/*
描述: 清本数据结构-2016年期末，最后的那道算法题，只写了 x < y 的搜索情况
*/

#include <bits/stdc++.h>

using namespace std;

struct Node {
    Node* parent = nullptr;
    Node* lc = nullptr;
    Node* rc = nullptr;
    int val = -1;

    Node(int val) { this->val = val; }
};

int total_step = 0;

// root 为树根，从 start 节点 找到值为 target 的节点
// 两种方案交替走一步。
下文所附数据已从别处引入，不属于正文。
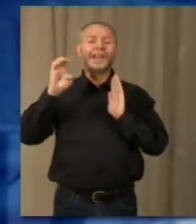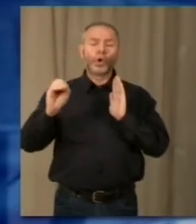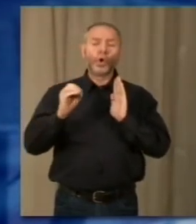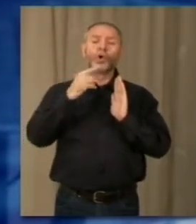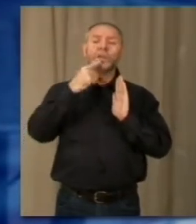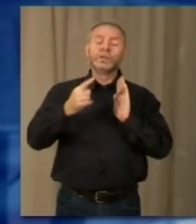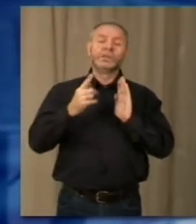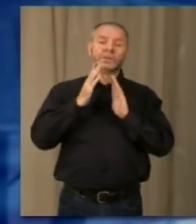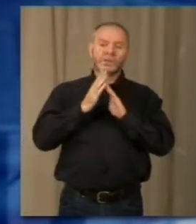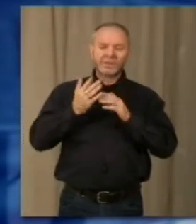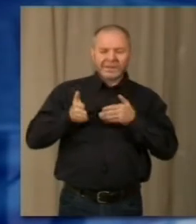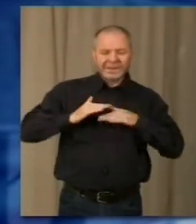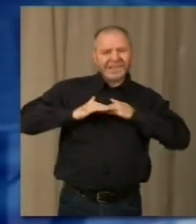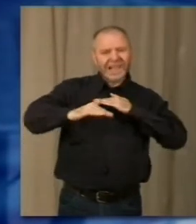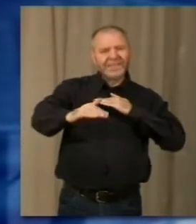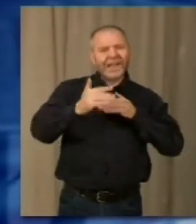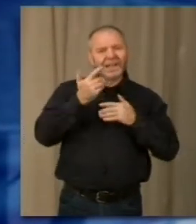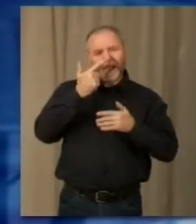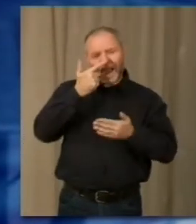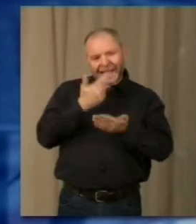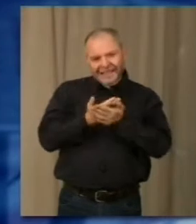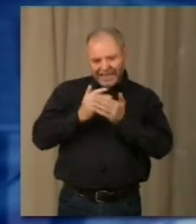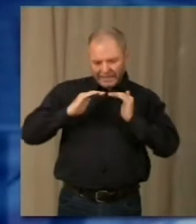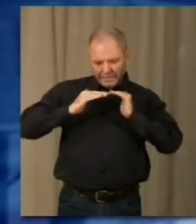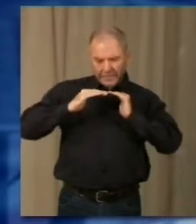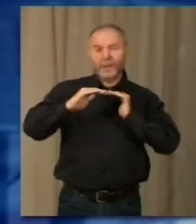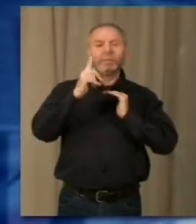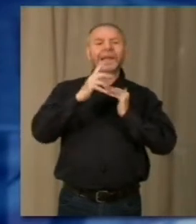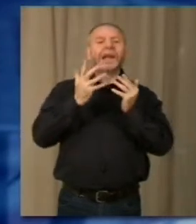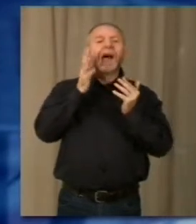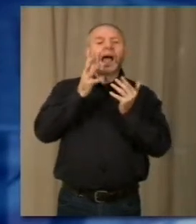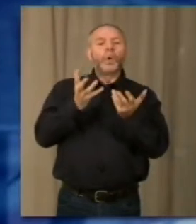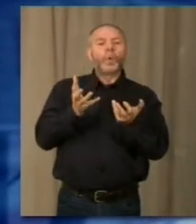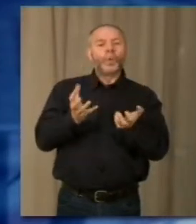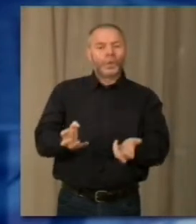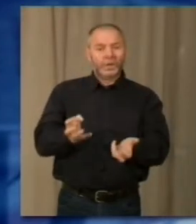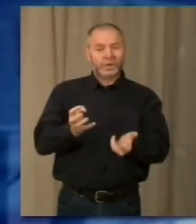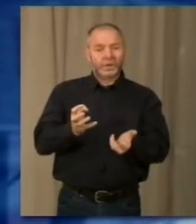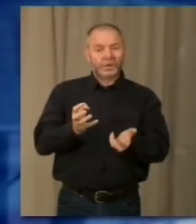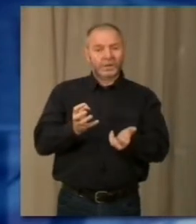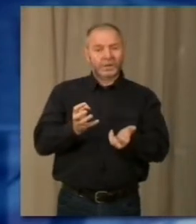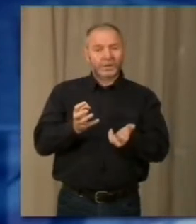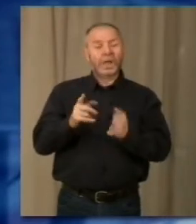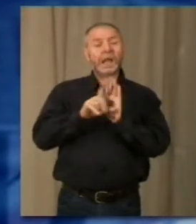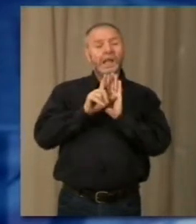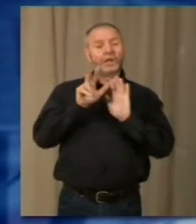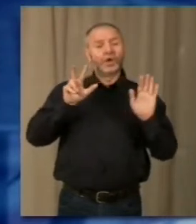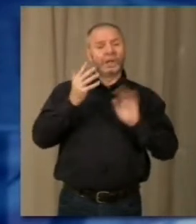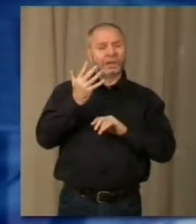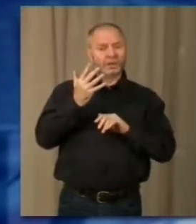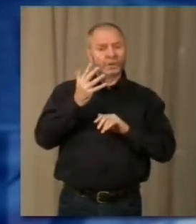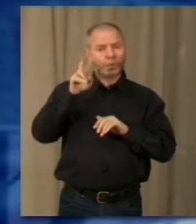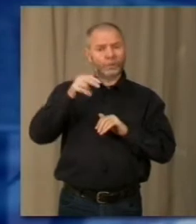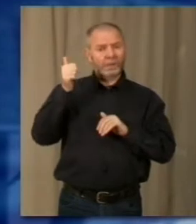chiedere l'introduzione per la strada in questione di pavimentazioni con effetto drenante, prendendo spunto dalla legge 85 del 2001,

path1()一开始往上，走到lca后往下；path2()往下
Node* solve(Node* root, Node* start, int y) {
    assert(start->val < y); // 这里只写从 x 找 y，且 x < y 的情景，对称情况类似，不写了

    Node* cur1 = start;
    Node* cur2 = start;
    
    auto path1 = [&]() {
        if (cur1 == nullptr) return;
        Node* parent = cur1->parent;
        if (parent != nullptr) {
            if (parent->rc == cur1) cur1 = parent; // 左父亲，path1继续往上，parent的左子树不可能有y，右子树已有path1过程在搜索
            else { // 右父亲
                if (parent->val <= y) { // path2别搜了，那里不可能有y，来这里搜
                    cur2 = parent;
                    cur1 = parent; // path1继续往上为path2物色搜索起点
                }
                else cur1 = nullptr; // parent->val > y，parent以及parent再往上都不需要让path2来搜了
            }
        }
    };

    auto path2 = [&]() {
        if (cur2 == nullptr) return;
        cur2 = (cur2->lc != nullptr && cur2->lc->val >= y) ? cur2->lc : cur2->rc;
    };

    while (1) {
        path1();
        total_step++;
        cout << "path1 at node: " << (cur1 != nullptr ? cur1->val : -1) << endl;
        if (cur1 != nullptr && cur1->val == y) return cur1;
        
        path2();
        total_step++;
        cout << "path2 at node: " << (cur2 != nullptr ? cur2->val : -1) << endl;
        if (cur2 != nullptr && cur2->val == y) return cur2;
    }

    return nullptr; // 不会走到这里
}

int main(int argc, char const *argv[]) {
    vector<int> nodes(21);
    iota(nodes.begin(), nodes.end(), 1);
    vector<pair<int, int>> edges = {
        {2,1},{2,4},
        {4,3},{4,6},
        {6,5},{6,8},
        {8,7},
        {9,2},{9,11},
        {11,10},{11,12},
        {13,9},{13,14},
        {15,13},{15,18},
        {17,16},
        {18,17},{18,19},
        {20,15},{20,21}
    };
    unordered_map<int, Node*> map;
    for (int val : nodes) {
        Node* node = new Node(val);
        map[val] = node;
    }
    for (auto [u, v] : edges) {
        auto from = map[u];
        auto to = map[v];
        to->parent = from;
        (to->val < from->val) ? (from->lc = to) : (from->rc = to);
    }
    // 树已建好

    Node* root = map[20];
    int x = 6;
    int y = 17;
    /* int x = 5;
    int y = 8; */
    
    // 这里只写从 x 找 y，且 x < y 的情景，对称情况类似，不写了
    auto ans = solve(root, map[x], y);

    assert(ans->val == y); // 检查答案对不对

    cout << "total_step: " << total_step << endl;

    return 0;
}